A Cruz le da “pena y rabia” sentir que cada día “nos utilizan más como marionetas”. “Creo que es obvio que a quienes toman las decisiones los podemos contar con los dedos de una mano, y ese grado de manipulación es muy triste y va tan rápido que no da tiempo a reaccionar. Lo veo bastante oscuro y preocupante, pero lo que me salva es ver que la gente joven se da más cuenta de lo que pensamos de estas trampas. Hay que darles ese valor, porque la gente joven habla más de política que antes. Yo lo percibo así”, subrayó.

Por eso le enfada ver que esos empresarios hablen de “que la gente va a tener mucho tiempo libre después de cargarse un montón de puestos de trabajo”. “¿Cómo tienen la desfachatez de decir eso?, ¿tiempo libre para hacer qué? Para mí el tiempo libre sin propósito, y más si hablas de gente joven, es una depresión profunda. ¿Qué mundo quieren dejar? Al menos si no es por ellos que lo hagan por sus hijos y nietos. Búnker habla de esto, del riesgo de perder la conexión humana, y la esperanza está en la gente joven. Espero que reaccionen”, reflexionó.

Para su compañero, “la moralidad de aquellos que trabajan para crear diferencias para que no conectemos física y mentalmente con la gente, es una falta de moralidad”. Por eso él trabaja en su moralidad, y subrayó la opinión de Florian Zeller de que el filme —que cuenta con la española Mod como una de las productoras— habla de la “necesidad de conectar con los otros”.

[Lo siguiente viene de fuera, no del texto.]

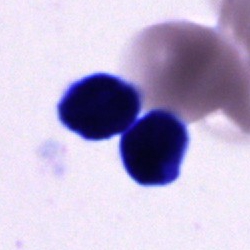
Morphological class: unidentifiable cell.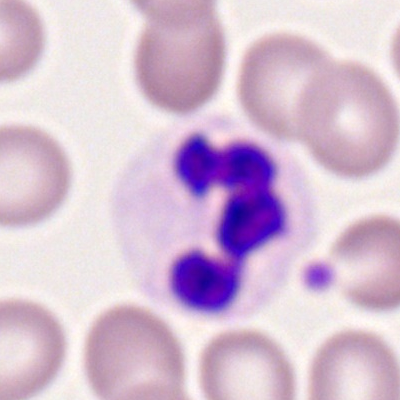 Q: Which cell type is shown here?
A: Neutrophil (segmented).
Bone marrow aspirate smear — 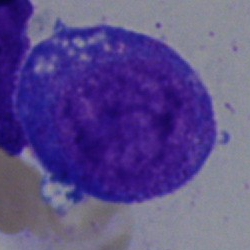
This is a progranulocyte.
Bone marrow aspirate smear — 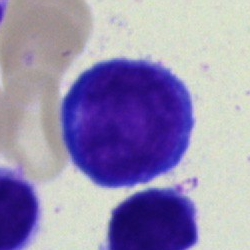
Morphology consistent with a typical lymphocyte.
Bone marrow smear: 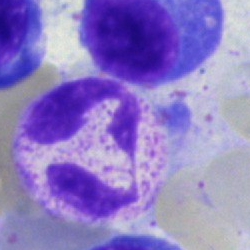 A neutrophil (segmented).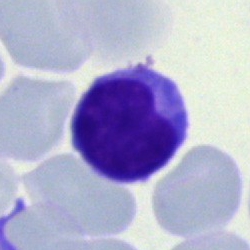Q: What is the morphological classification of this cell?
A: A typical lymphocyte.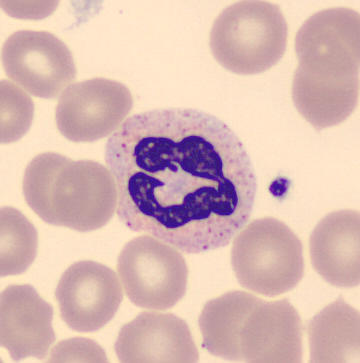

Image: Cropped to a single cell; peripheral blood smear. Q: What type of cell is this?
A: This is a neutrophil (segmented).

Una de las cosas que les hizo decir que sí a este proyecto es que, por fin, sus personajes podían hablar como lo harían en la vida real, en español en la intimidad y en inglés con la gente de fuera. Esto, que ahora puede parecer una obviedad, “hace 15 años era un reto encontrar producciones así”. “Nos hemos peleado mucho en el pasado para convencer a productores y directores de que el público estaba listo, pero había miedo. Ahora los chicos crecen viendo versión original, películas e varios idiomas… hemos hecho de colombianos hablando en inglés, nos preparábamos meses un acento y luego tenías solo una escena en español. Es un alivio que sea así, porque es más real”, apuntó Penélope Cruz.

Hubo hasta tiempo para bromear sobre la presencia de ambos en la terna de películas preseleccionadas para representar a España en los Oscar. Bardem está con El ser querido, y Penélope Cruz con La bola negra. “En una sale ella y en la otra ya, así que no hablamos de esto mucho en casa”, dijo riendo el actor para añadir que es “una maravilla que haya tanta calidad en el cine español”, aunque cree que siempre ha habido, solo que ahora “viajan mucho, gustan mucho y las seleccionan en festivales importantes, y eso hay que celebrarlo independientemente de cuál sea finalmente la película elegida”.